== YOUR GOAL ==
Exactly as they appear, transcribe the entries and skip any pictures.

== ENTRIES SUPPLIED ==

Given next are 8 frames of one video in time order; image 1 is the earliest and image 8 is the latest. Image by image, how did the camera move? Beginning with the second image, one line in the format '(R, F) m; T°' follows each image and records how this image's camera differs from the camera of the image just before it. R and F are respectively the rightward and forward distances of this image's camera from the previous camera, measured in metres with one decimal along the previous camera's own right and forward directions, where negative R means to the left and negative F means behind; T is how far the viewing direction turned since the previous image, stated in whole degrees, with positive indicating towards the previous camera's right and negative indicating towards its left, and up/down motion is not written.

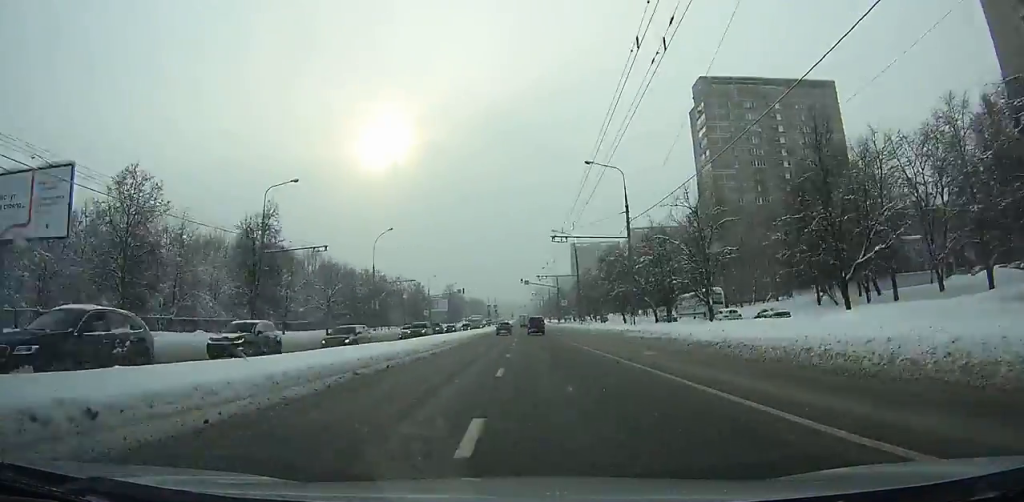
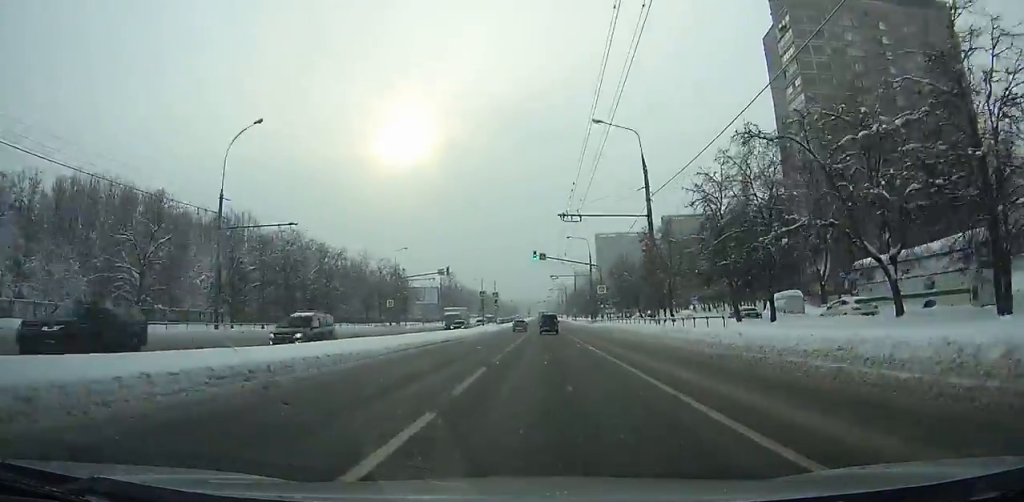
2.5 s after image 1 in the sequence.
(-0.2, +40.2) m; 0°
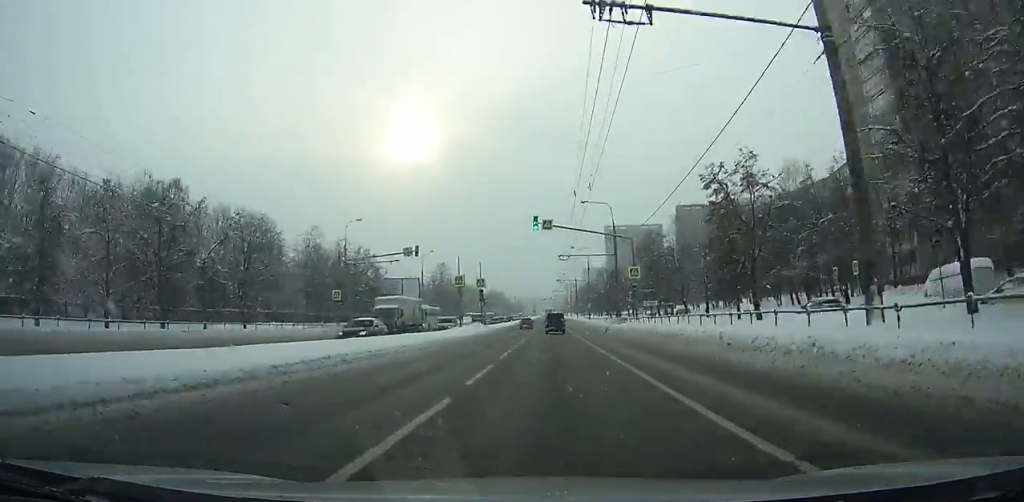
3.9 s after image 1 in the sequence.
(-0.1, +22.2) m; 0°
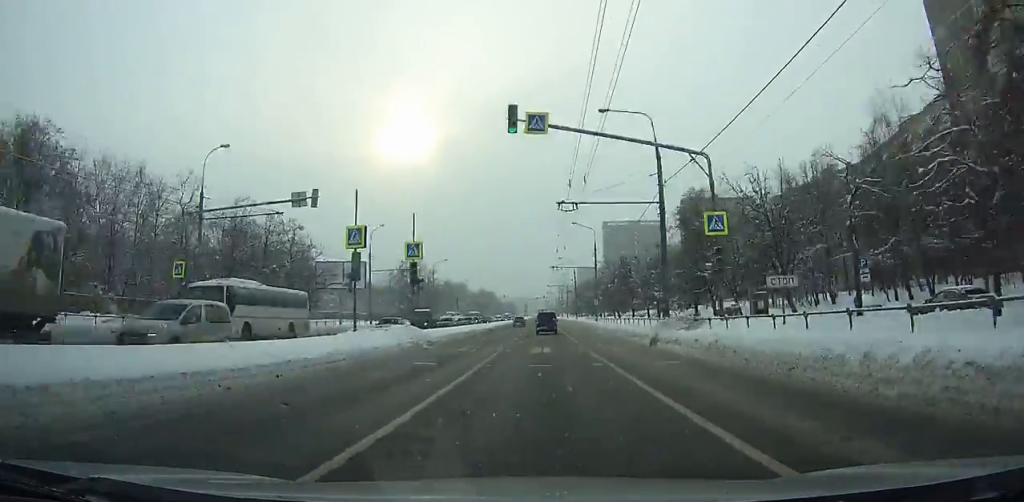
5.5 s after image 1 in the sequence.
(+0.1, +24.7) m; 0°
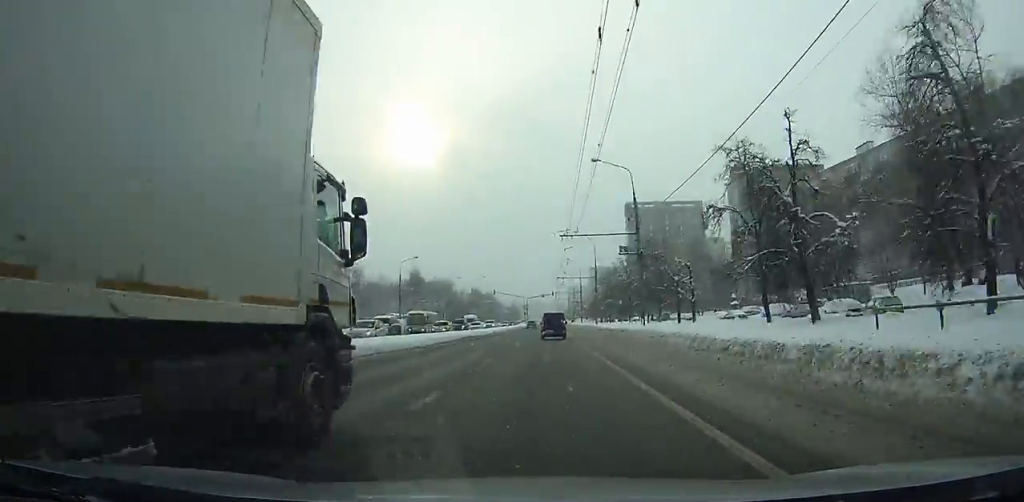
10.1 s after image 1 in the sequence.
(-0.6, +68.3) m; 0°
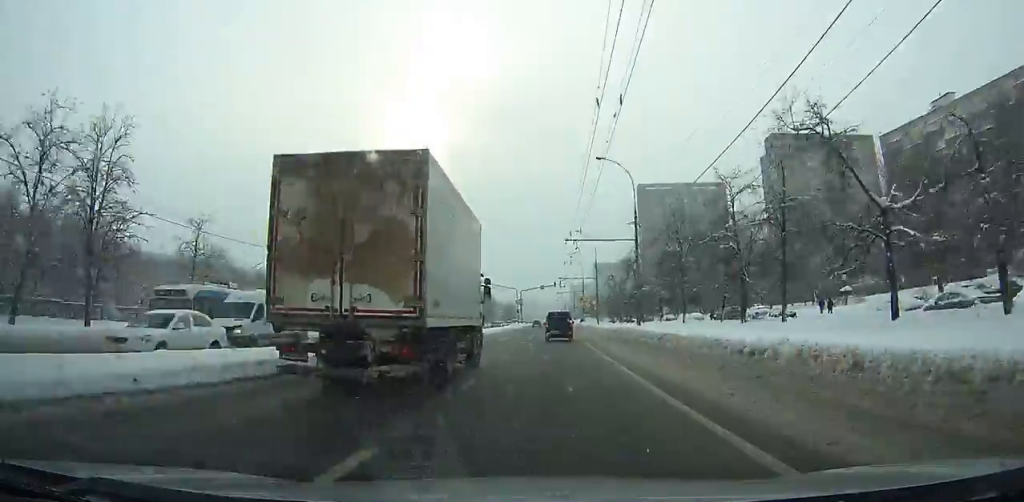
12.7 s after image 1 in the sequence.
(+0.5, +36.9) m; 0°
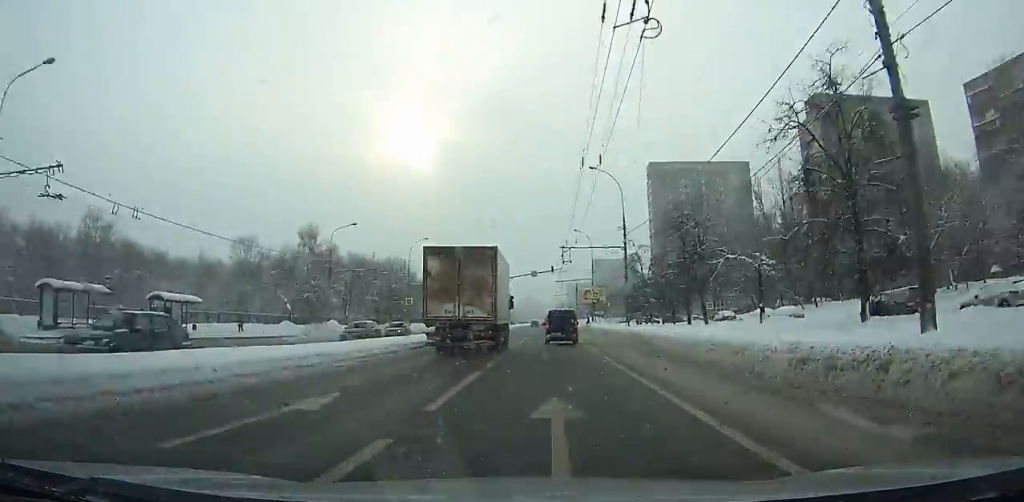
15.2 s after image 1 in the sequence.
(-0.5, +34.5) m; -2°
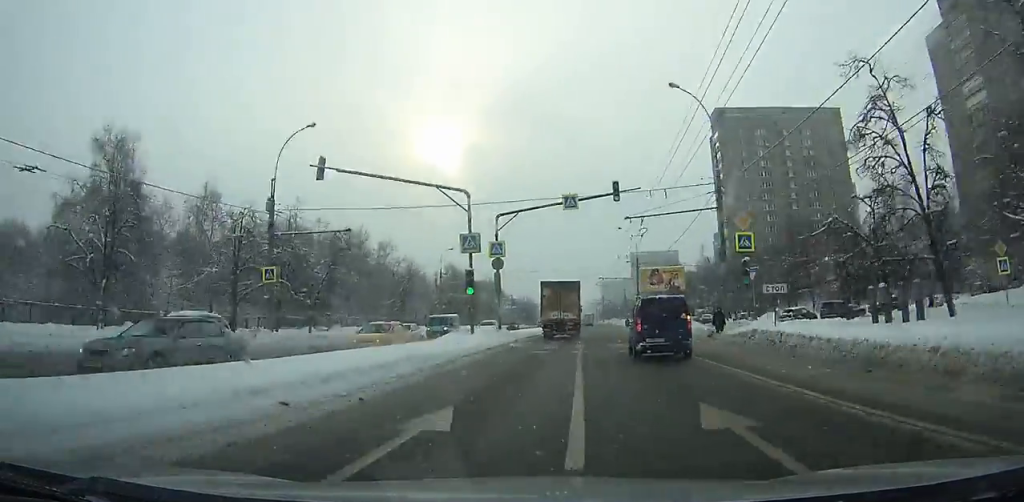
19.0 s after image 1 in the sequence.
(-0.4, +52.3) m; +1°

== PROBLEM SOLUTION ==
Given next are 8 frames of one video in time order; image 1 is the earliest and image 8 is the latest. Image by image, how did the camera move? Beginning with the second image, one line in the format '(R, F) m; T°' follows each image and records how this image's camera differs from the camera of the image just before it. R and F are respectively the rightward and forward distances of this image's camera from the previous camera, measured in metres with one decimal along the previous camera's own right and forward directions, where negative R means to the left and negative F means behind; T is how far the viewing direction turned since the previous image, stated in whole degrees, with positive indicating towards the previous camera's right and negative indicating towards its left, and up/down motion is not written.

2.5 s after image 1 in the sequence.
(-0.2, +40.2) m; 0°
3.9 s after image 1 in the sequence.
(-0.1, +22.2) m; 0°
5.5 s after image 1 in the sequence.
(+0.1, +24.7) m; 0°
10.1 s after image 1 in the sequence.
(-0.6, +68.3) m; 0°
12.7 s after image 1 in the sequence.
(+0.5, +36.9) m; 0°
15.2 s after image 1 in the sequence.
(-0.5, +34.5) m; -2°
19.0 s after image 1 in the sequence.
(-0.4, +52.3) m; +1°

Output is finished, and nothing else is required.